**YOUR ASSIGNMENT**
Each record that follows should be repeated exactly, with no pictures carried over.

**EXERCISE DATA**
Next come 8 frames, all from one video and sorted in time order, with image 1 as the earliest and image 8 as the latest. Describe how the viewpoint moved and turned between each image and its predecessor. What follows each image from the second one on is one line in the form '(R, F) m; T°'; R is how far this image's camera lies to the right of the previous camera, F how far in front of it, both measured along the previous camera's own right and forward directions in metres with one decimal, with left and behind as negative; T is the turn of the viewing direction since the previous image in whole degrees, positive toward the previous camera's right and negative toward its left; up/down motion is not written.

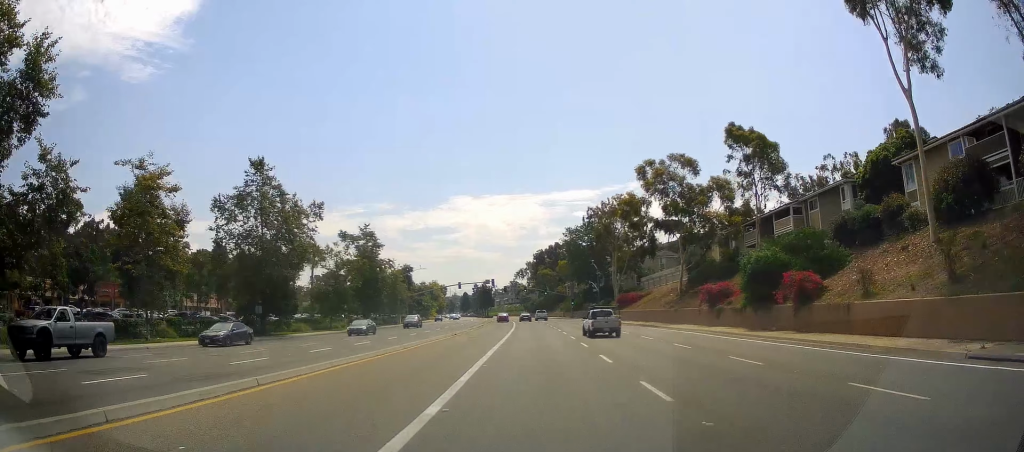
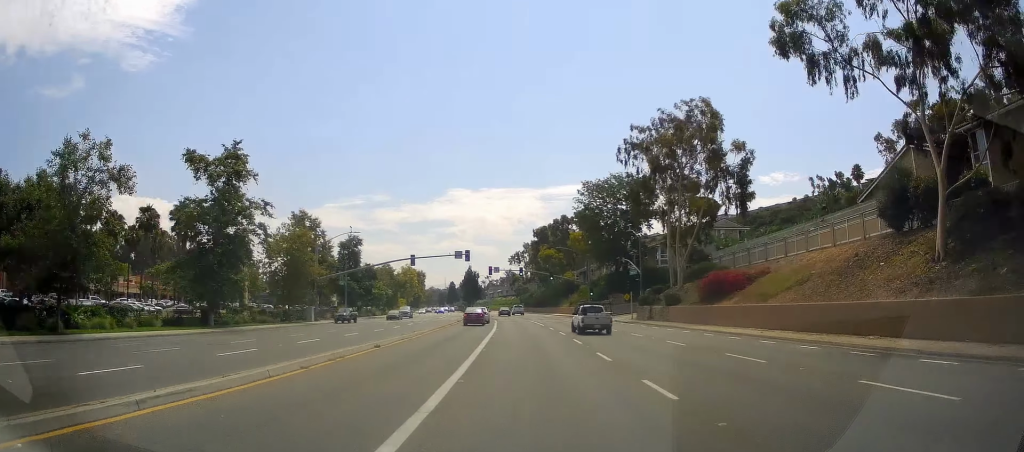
(+0.8, +48.9) m; +1°
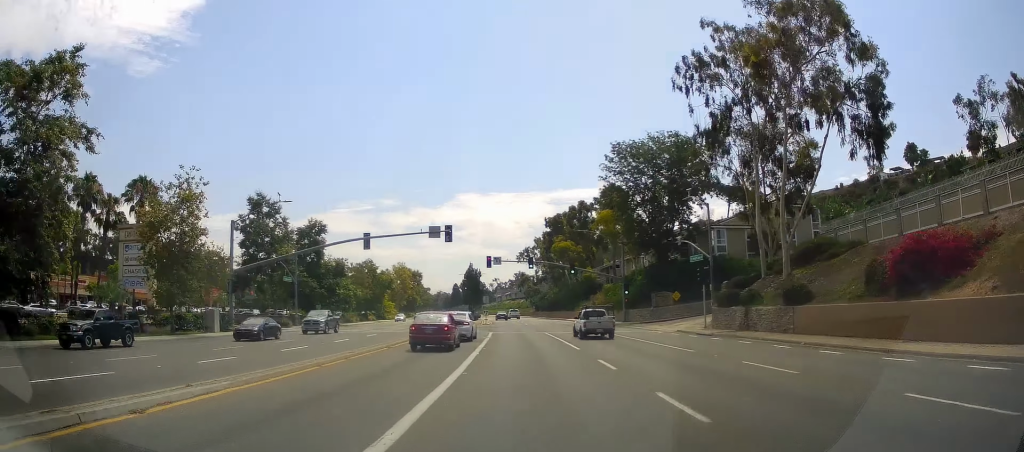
(+0.3, +27.6) m; -1°
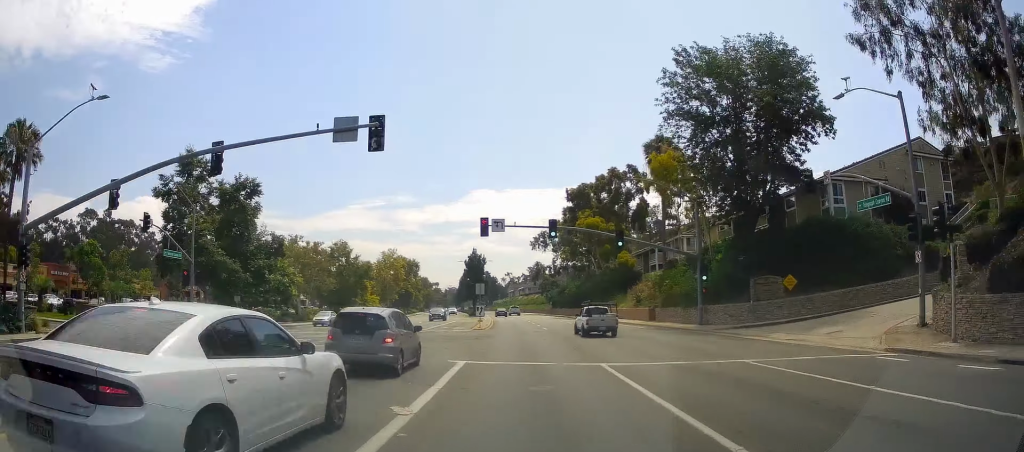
(-0.7, +29.0) m; -2°
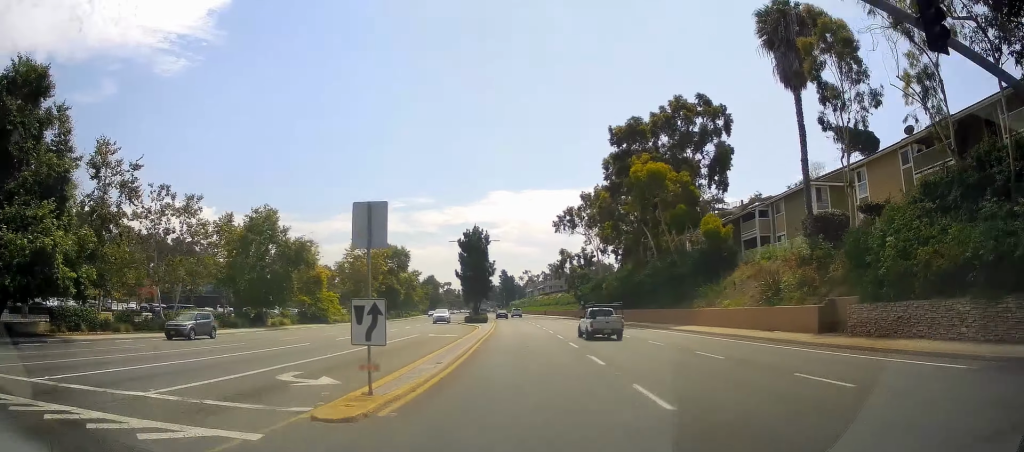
(-0.7, +35.9) m; -2°
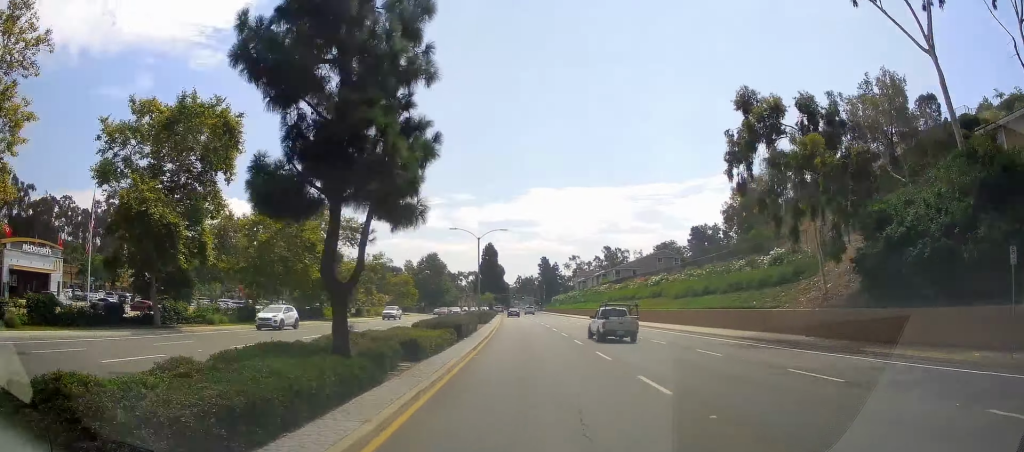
(-3.2, +82.6) m; -4°
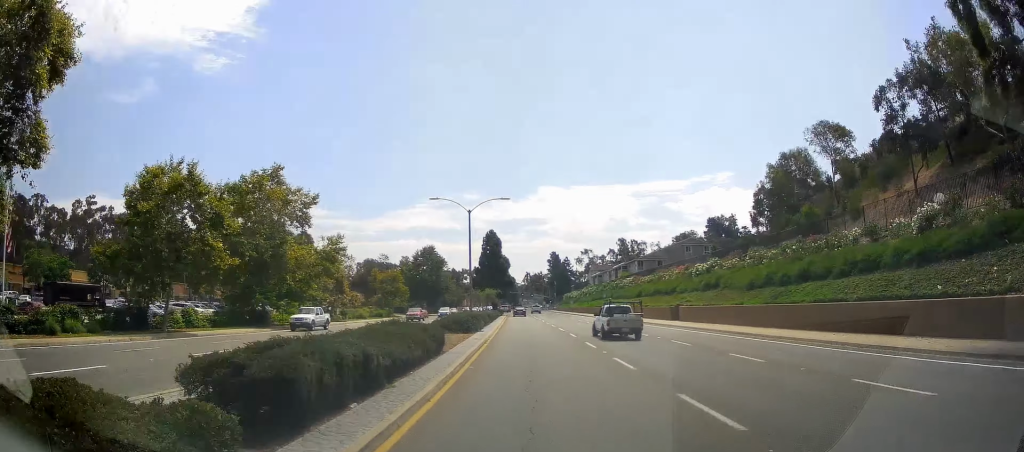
(-0.1, +17.7) m; -1°
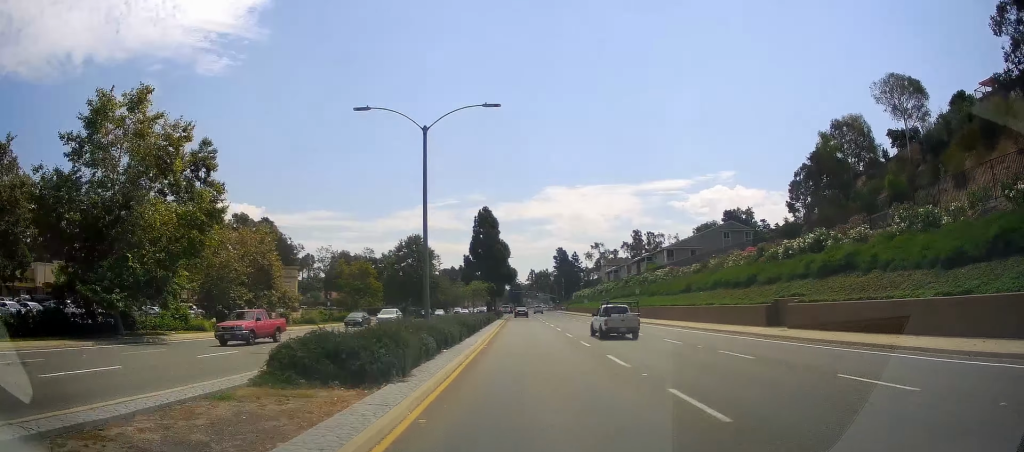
(-0.1, +21.1) m; 0°

**ANSWER TO THIS EXERCISE**
Next come 8 frames, all from one video and sorted in time order, with image 1 as the earliest and image 8 as the latest. Describe how the viewpoint moved and turned between each image and its predecessor. What follows each image from the second one on is one line in the form '(R, F) m; T°'; R is how far this image's camera lies to the right of the previous camera, F how far in front of it, both measured along the previous camera's own right and forward directions in metres with one decimal, with left and behind as negative; T is the turn of the viewing direction since the previous image in whole degrees, positive toward the previous camera's right and negative toward its left; up/down motion is not written.

(+0.8, +48.9) m; +1°
(+0.3, +27.6) m; -1°
(-0.7, +29.0) m; -2°
(-0.7, +35.9) m; -2°
(-3.2, +82.6) m; -4°
(-0.1, +17.7) m; -1°
(-0.1, +21.1) m; 0°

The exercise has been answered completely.